However, there are inaccuracies in this article. My son (funnily enough, called Daniel, like the boy in the article) suffered with selective mutism from the moment he started preschool and all the way through school. He really began to overcome it only after he had finished his A levels.

Over those 15 years, despite some very supportive adults, he was only ever able to speak to a handful of them. His selective mutism was due to high levels of anxiety around other people; nothing to do with any traumatic experience, just anxiety, which many people experience but with a variety of manifestations.

He certainly did not “choose” to remain silent, but he was just as frustrated as any teacher would be that he couldn’t share his ideas. Imagine sitting in a GCSE physics lesson where all the people in your group are discussing how to do something and you can see it’s not going to work and you aren’t able to share your own ideas, which you know will work.

Daniel usually knew exactly what he wanted to say on each occasion but the words just wouldn’t come out; it was if they were stuck in his throat. When he was 16 he went on an 11-night school trip to Third Reich sites for his GCSE history course. During the whole time, he never spoke a word to anyone. He joined in conversations with nodding, smiling, etc, because everyone had learned how to include him in conversations, and had a fantastic time, but he never physically spoke. Would a child manage to keep that up out of choice?

There needs to be a lot more awareness for school staff (and health professionals) around selective mutism. If picked up early, a child has a much better chance of overcoming it. It can take a lot of patience and time but the results, and the avoidance of problems in later life, are well worth it.

Also, selective mutism is not just about speech; it can inhibit many forms of communication. The article says that the Daniel it refers to “often wasn’t willing” to write his thoughts down. That’s because thoughts are personal and a child with selective mutism will often find it hard to express anything personal. They would much rather write or speak (if they are able to) about facts and figures -- things where answers are black and white, and there’s no opinion involved. This is where the Daniel in the article was able to excel with his webchat about space.

My Daniel was able to speak to his maths teacher at secondary school as they would often look at a maths problem after everyone else had left the class and discuss it side by side at the whiteboard, so the attention was on the maths problem and not Daniel. My Daniel struggled with any essay-type answers and yet now he is able to interview people and write magazine and website articles.  

If you have a child in your school who you suspect is more than just “shy”, have a look at selectivemutism.org.uk for some great resources from the Selective Mutism Information and Research Association (SMiRA), as well as recommended reading. And if anyone would like advice from a fellow teacher, trained in dealing with selective mutism, but who has also experienced it as a mum, please do get in touch. I am more than happy to share my experiences.

Catherine Bates
Lymington, Hampshire


Don’t oversimplify attachment disorder

I read with increasing frustration and dismay the article “Fixating on attachment will improve behaviour”, (23 October 2020, free to subscribers), particularly as Tes is frequently read by trainee teachers.

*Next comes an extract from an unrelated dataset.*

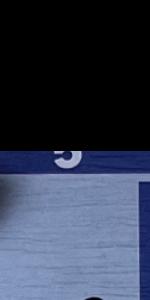
Label: Empty

Attachment disorder is a complex and lifelong condition, often arising as a result of early years lack of consistent, emotional support and love from a principal care giver; it is often the result of early years neglect or abuse. Neuroscience can now show that this lack of loving attachment results in an area of the brain being altered, as it is constantly subjected to stress hormones. A child may appear physically normal but behavioural problems in school may soon be apparent. In my view, such difficulties need investigation and perhaps referral to at least the Sendco and probably appropriate psychiatric and social workers.

As an experienced teacher, with five years of teaching young people deemed SEN, to oversimplify a complex issue such as attachment disorder and suggest that teachers “unconsciously adhere to a pattern that pupils seek out” seems to me to be blaming the teacher for behaviours that can be disruptive for all and result in the individual involved not getting the help they need.

The last bullet point is particularly unhelpful for inexperienced teachers or anyone training: “This will require a shift in how behaviour is managed that may not mean a word-for-word adherence to the behaviour policy”. What? Does the writer have any experience of teaching a group of older students? A common interview question for teachers relates to managing behaviour - I can imagine how an interview panel would react if a candidate replied that they expected “time to work through the challenges with the pupils”. Does the writer realise that all children in any setting (which includes the home) feel safe and therefore able to learn with consistent boundaries.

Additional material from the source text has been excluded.